3) I later had another consult with my original BS about the possibility of BMX, which she initially seemed to think was an over-reaction. This time we went through my health history, and she agreed that BMX was a legitimate choice in my case, as was continued heightened surveillance. She didn't think I needed to be in any hurry to make a decision.

Continuing with six month surveillance for now, still thinking about BMX.

Barb

Lea7777

Light1Candle Barb, Good to know what you were told. Hope your 2019 surveillances go well. And of course beyond.

I like the "First do no harm!"

Oley809

AWB,

Hi! What did tamoxifen do to your breast density? I have researched this and am unable to find a link referencing it.

Trisha

Lea7777

"AWB,

Hi! What did tamoxifen do to your breast density? I have researched this and am unable to find a link referencing it.

Trisha"

It is supposed to make the breasts less dense. At my last breast-centered visit, the doctor at Mayo said she could feel that Evista/Raloxifene had slightly reduced the density of my breasts after taking it about a year. And Evista/Raloxifene is less potent than Tamoxifen. I'll see if I can find one later.

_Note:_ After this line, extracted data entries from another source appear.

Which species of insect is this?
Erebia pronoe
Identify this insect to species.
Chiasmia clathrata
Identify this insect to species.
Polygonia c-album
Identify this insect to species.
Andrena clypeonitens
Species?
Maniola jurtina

Update. Replacement for #1 Oncologist who retired: This guy is very much in favor of taking whatever drug is tolerated and did not have a big preference between SERMs or AIs. When I asked, "What about the women who cannot take any of these drugs?" His answer surprised me a little, which was, "We don't find that happening because we switch them to a different drug until they find one they can tolerate."

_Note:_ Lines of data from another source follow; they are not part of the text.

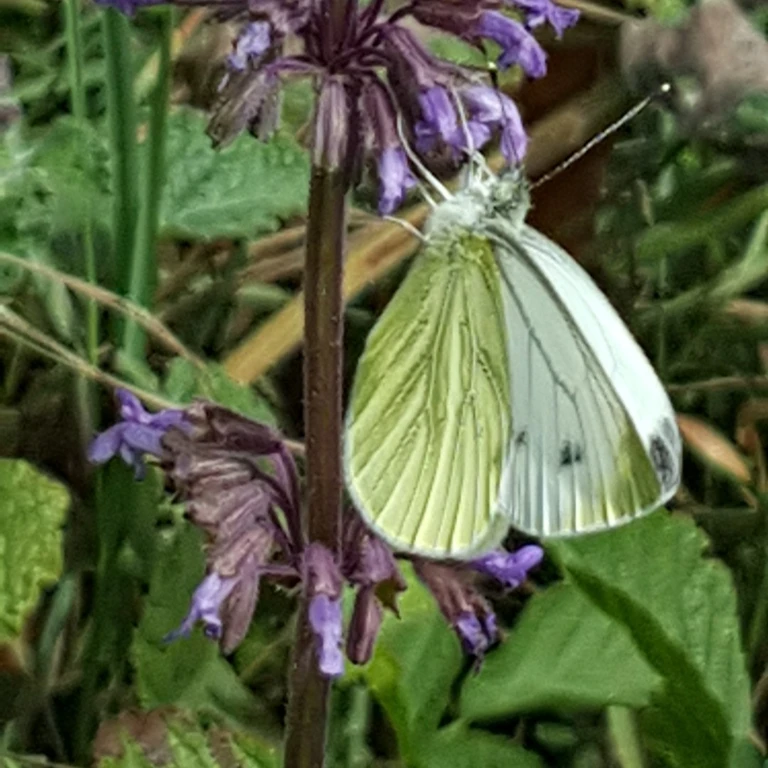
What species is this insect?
Pieris napi
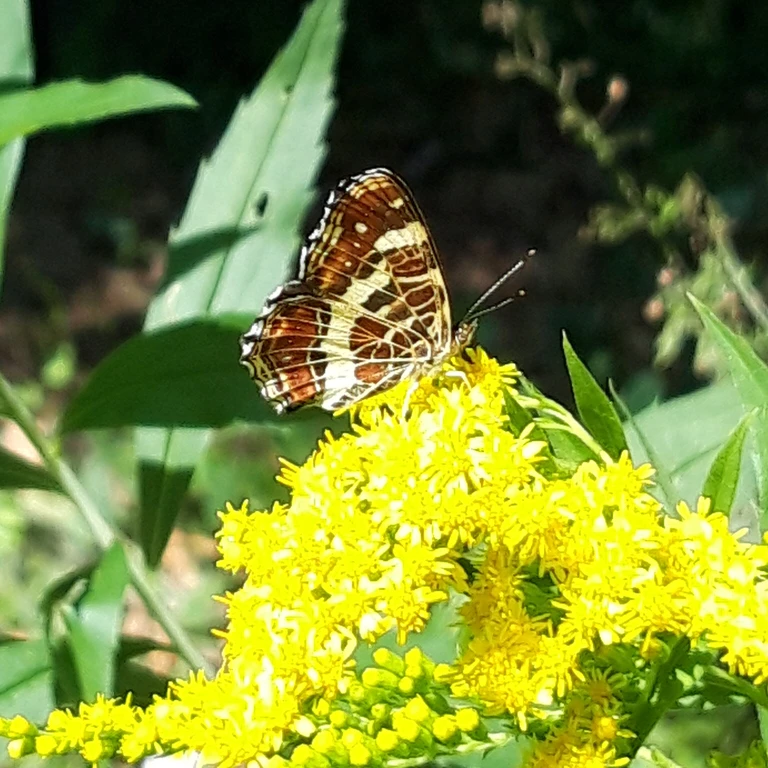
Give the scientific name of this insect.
Araschnia levana
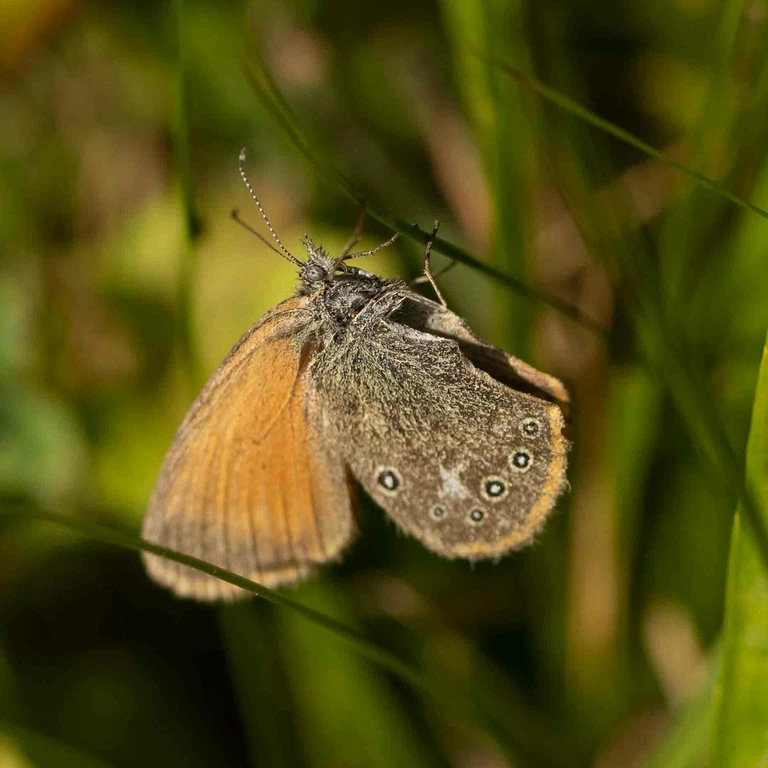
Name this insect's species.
Coenonympha glycerion (also Coenonympha iphis)
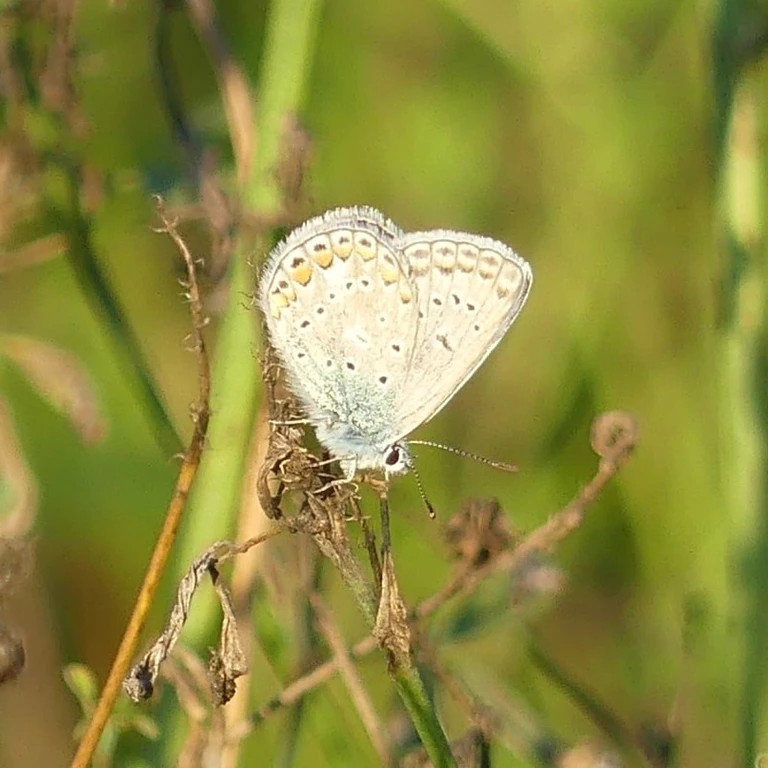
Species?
Polyommatus icarus

I cited stats that state up to 50% of women on the drugs do not complete a 5-year course. His answer to that surprised me even more, which was, "Sometimes they forget to take their pills." This guy was NOT a clueless, arrogant jerk, as that answer might imply. He was very kind, attentive, and spent way longer with me than a normal appointment and thanked ME at the end. But it shows what some male doctors think about the behavior of their women patients.